# My new Bremont Supermarine Descent



## tarichar (Nov 25, 2010)

My pics don't do justice to the beauty of this watch, though Samanator's pics really show the watch off to good effect. The lume is very strong and lasts all night. The shiny chapter rings and hands really help the watch to stand out and it's really hard to capture that aspect in a picture.


----------



## KUNISMAN (Apr 30, 2011)

Congrats on your new watch, never seen a DLC before.:-!
Nice "El Primero" too although both couldn´t be further apart from the G´s - Now that´s eclectic...:-d


----------



## tarichar (Nov 25, 2010)

Thanks Kunisman. I'm mainly a tool watch kind of guy. It took me a long while and a lot of watches to figure that out. But I still like a "fancy" watch for work and nice occasions. Now I can have the best of both worlds.


----------



## tlinn (Nov 26, 2006)

Very nice.
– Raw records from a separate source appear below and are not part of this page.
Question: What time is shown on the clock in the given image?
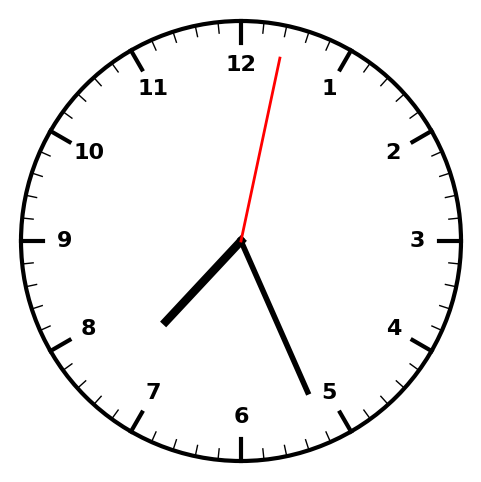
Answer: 07:26:02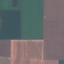
Land use / land cover class: AnnualCrop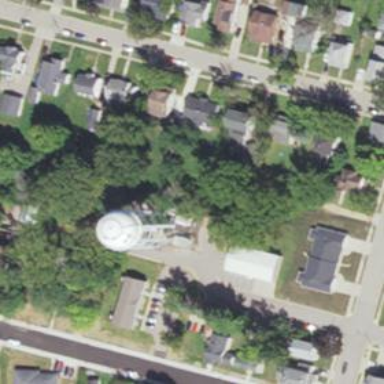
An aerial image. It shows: Water tower that is man-made.

Welcome to the Bremont club.

T


----------



## Cybotron (Dec 7, 2006)

Very nice. Congrats.


----------



## spm17 (Sep 15, 2009)

Absolutely beautiful. Love it man...wear it in good health.

Shawn


----------



## HR F1 (Dec 14, 2006)

Congrats! They must have updated/changed the Descent as it used to have the mint green indices/lumed sapphire bezel but now they are all white; good looking either way.


----------



## fasthandssam (Feb 9, 2011)

SWEET! Congratulations


----------



## nolanz14 (Dec 12, 2009)

I was just thinking the same thing. Congrats on your Decent OP.



HR F1 said:


> Congrats! They must have updated/changed the Descent as it used to have the mint green indices/lumed sapphire bezel but now they are all white; good looking either way.


----------



## fasthandssam (Feb 9, 2011)

And, upon closer inspection, that lume looks killer. I personally think it looks cooler than the green, which is pretty awesome itself. I hate how awesome all of Bremont's watches are- it makes choosing one to fall in love with that much more difficult!


----------



## CaptLeslie (May 15, 2011)

To refresh your memory here is a look at that mint green bezel! The Bremont web site still shows the green on the Descent model, but the white on the black Descent does look way cool! :-! Cheers Jim b-)


----------